A brief history about languages used in Italy
Semplicemente. Particolarmente. Sensazionale. Just listen to how melodious, how calming and good they sound to the ear and soul. That’s how the Italian language is described by most of those familiar with its beauty. How did it come to this majesty and its popular use? Let us look below at a brief history.
The Italian has been shaped during a lengthy and ongoing process. It began after the decline of the Roman Empire in the 5th century. Up to this, across the Empire, Latin had become a widespread language and spoken by the majority of the people.
After the fall of the renowned Roman Empire, ordinary and local forms and varying dialects played a significant role in society and the daily life of the people. However, thanks to the magnificent pieces of literature, Italian gradually won its deserved position, and, after the unification of Italy in 1861, ultimately it became the official language of the nation.
Other languages used in Italy
Apart from Italian, there are other languages used in Italy, in a wide range of regions. Each of them has its own simplicity, particularity, sensation and they add extra flavor to the cultural and linguistic diversity of the Appenine Peninsula. Here are some of them:
Griko is spoken by the Griko people, thought to be descendants of the Ancient Greek populations in Southern Italy. On account of this fact, the Griko language is counted as a living relic of Magna Graecia (Great Greece). The language has 40,000 and 50,000 second language speakers and it is part of the Hellenic language group, under the Italian Greek sub-group.
Gardiol is regarded as a dialect of the Occitan language, used in Guardia Piemontese in the southern region of Calabria.
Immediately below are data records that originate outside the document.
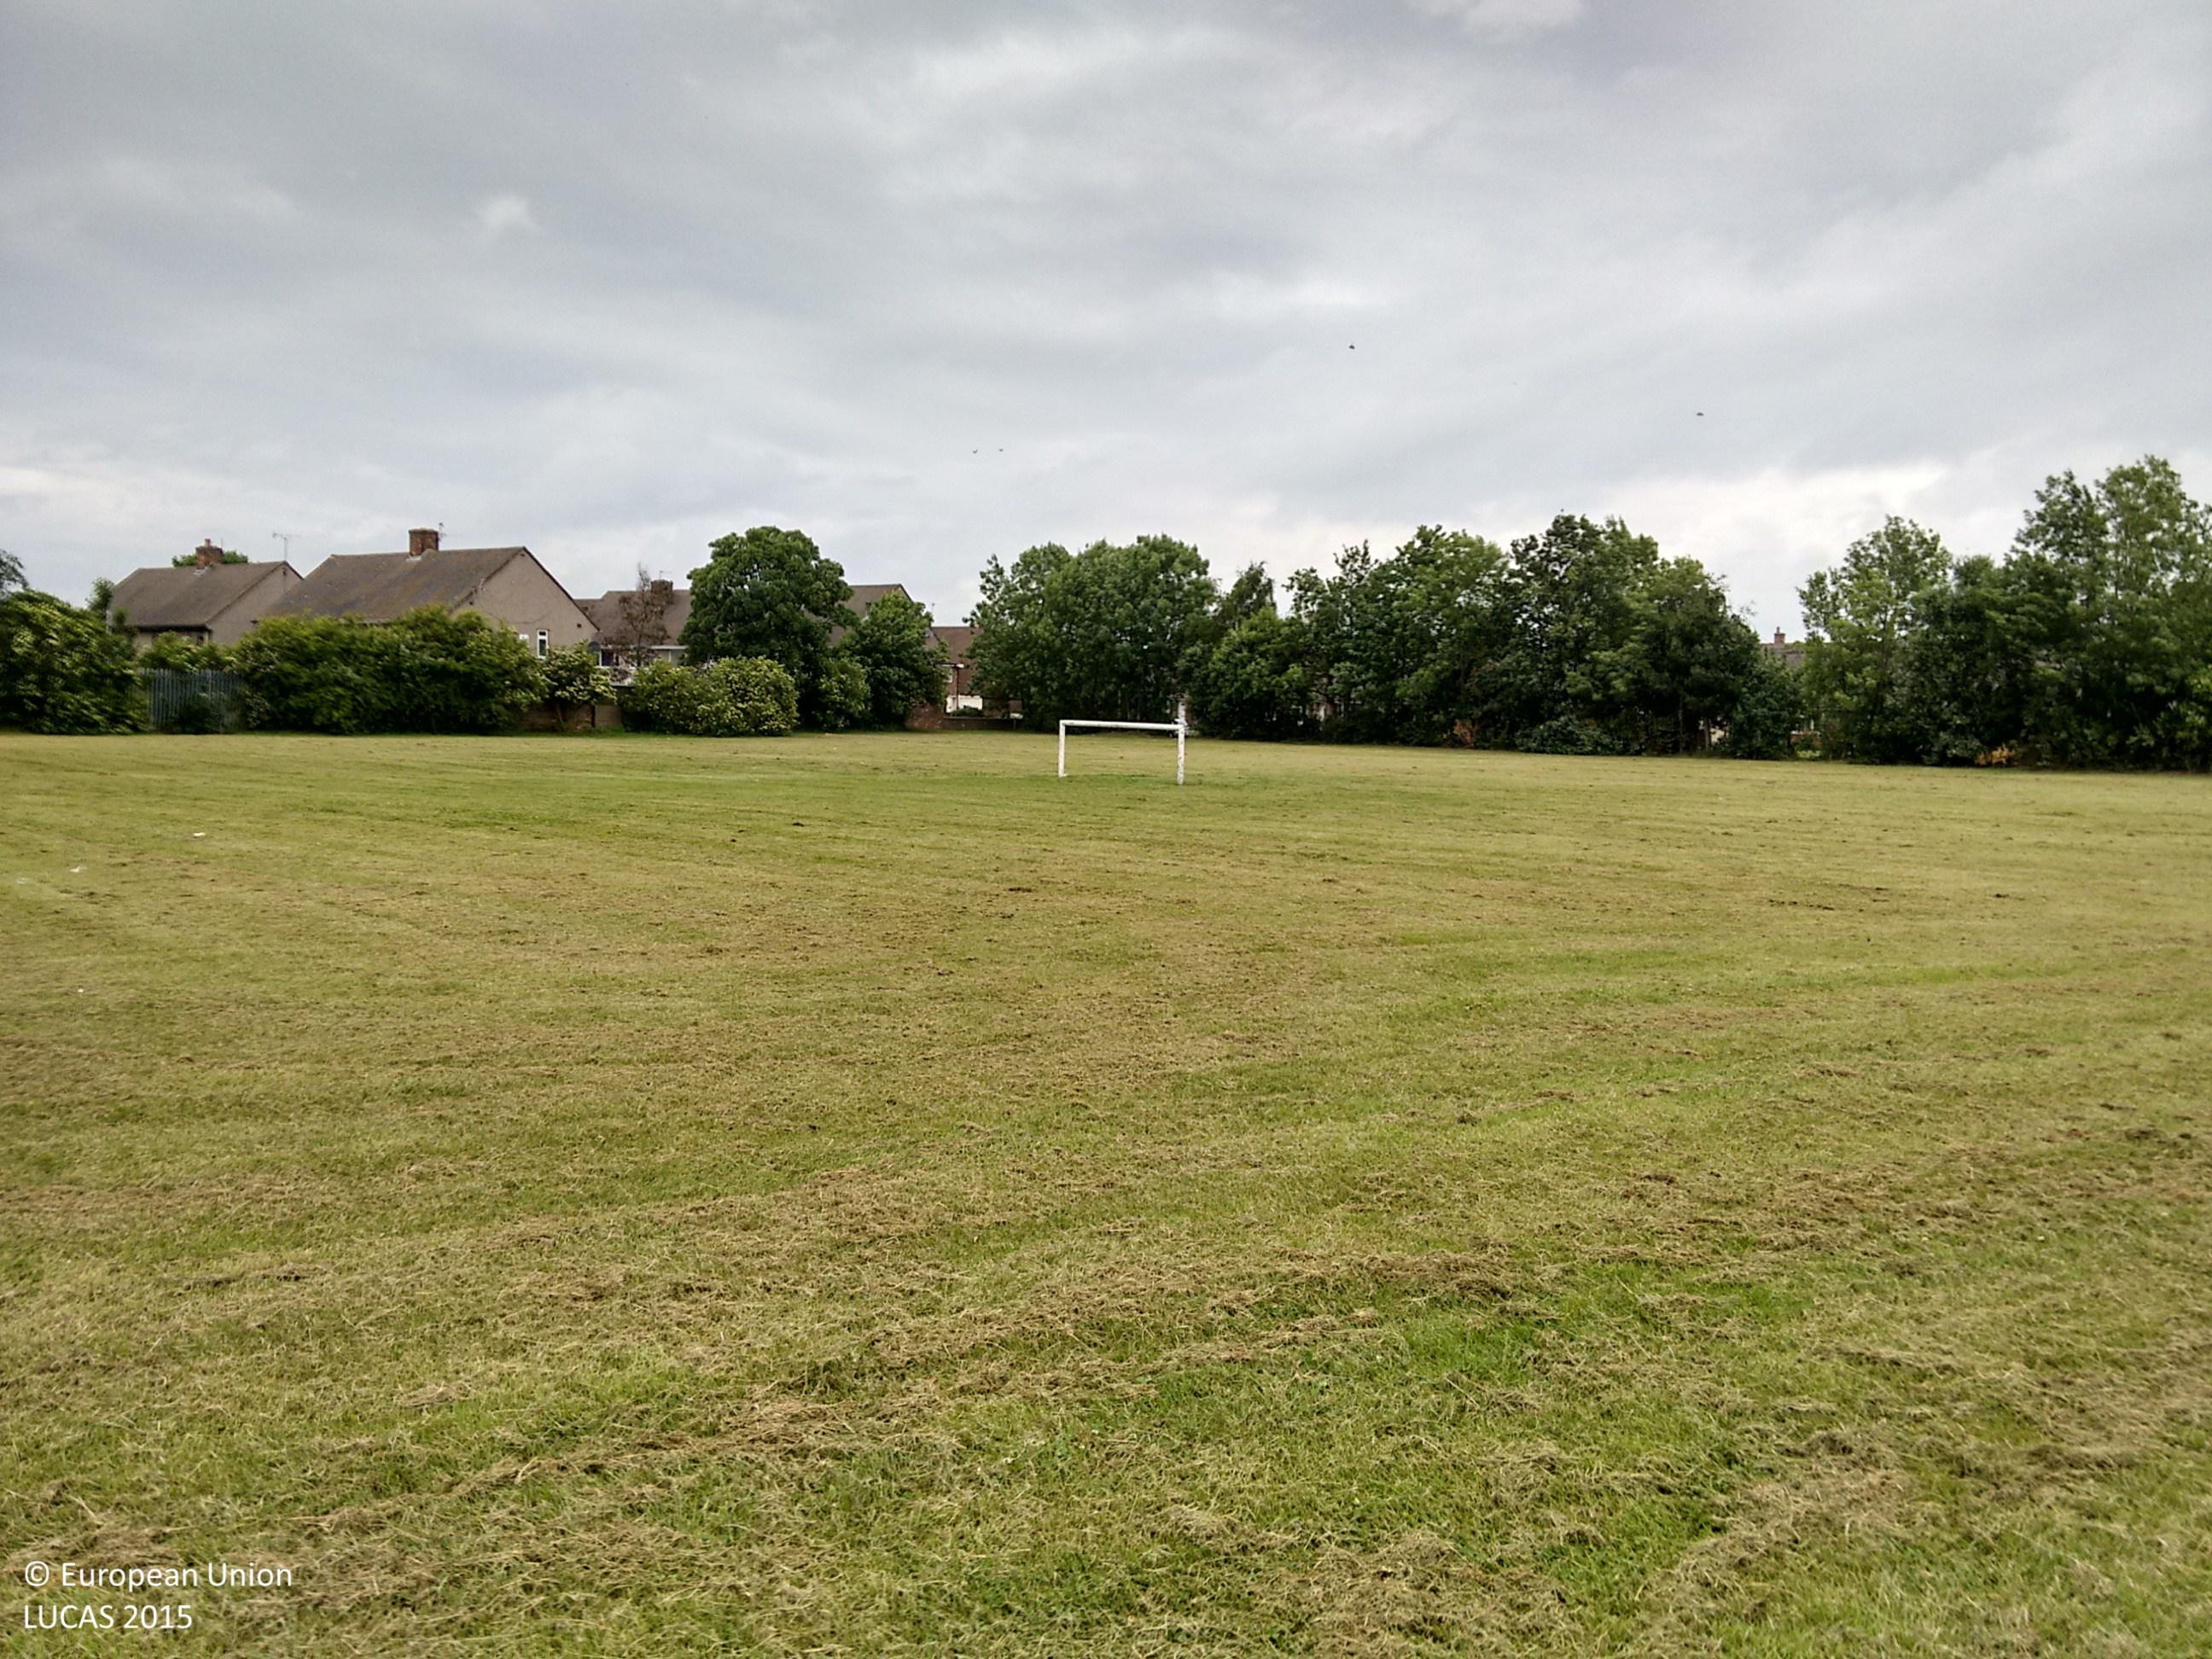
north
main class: Grassland
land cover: Grassland without tree/shrub cover
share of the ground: > 75 %
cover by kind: herbaceous plants 100 %
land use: Amenities, museums, leisure
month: June
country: GB
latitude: 53.4966
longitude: -3.0234

Vastese is rare and it is only used by the Vasto population. It is mostly spoken by elderly people.
Toitschu is a dialect of Alemmanic and is used in every part of the Piedmont and Aosta Valley. It is also known as Walser German and is not jointly comprehensible with Swiss or Standard German.
Molise Croatian is a dialect of Serbo-Croatian. It is spoken all through the Campobasso province by the Italian Croats. These days, it has less than 1,000 native speakers.
Did you know? Interesting facts about the Italian language
Here are some interesting and informative facts about the Italian language.
- The Italian alphabet has 21 letters! Yes, strange as it may seem, 21 only!
- It became the official language in 1861. As previously stated, after the unification of the Italian nation in the nineteenth century, it was time for the Italian language to become the official language of the country.
- There are around 85 million Italian speakers all around the world
- It the official language of four countries: the Republic of San Marino ( a minor state within the territory of the peninsula), the south of Switzerland, four municipalities of Slovenia, and the region of Istria in Croatia.
- Italian is the universal language of music, especially classical music. Piano, molto piano, crescendo, maestro, soprano, and numerous other words and expressions are proof of the undeniable impact the Italian has had in the music world. Something that never ends.
- In the 14th century, the writer Dante Alighieri alone offered rules for written Italian.
Let us look below some of the Italian words and expressions which are thought to be basic if you want to visit this great country. Yes, take a pen and start writing it down.
Excuse me: Mi scusi (used when you want to ask a question, ask for directions, etc.)
Pardon me: Permesso (when you need to pass by, enter someone’s home, etc.)
I’m sorry: Mi dispiace (when you’ve made a mistake, or another foreign visitor asks you for something!)
I’m sorry: Scusa (when you crash into someone, kick them by mistake, etc.)
Some information, please: Un informazione, per favore
I don’t understand: Non capisco
What’s your name?: Come si chiama?
My name is ___ : Mi Chiamo ___
I am from the United States: Vengo dagli Stati Uniti
How’s it going?: Come va?
How are you?: Come sta?
Where is the subway?: Dov’è la metro?
Where is the train station?: Dov’è la stazione?
Where is the museum?: Dov’è il museo?
Where is the bathroom?: Dov’è la toilette?
Can you call me a taxi? Puoi chiamarmi un taxi?
Can you help me?: Mi può aiutare?
Please call an ambulance!: Per favore, chiami un’ambulanza!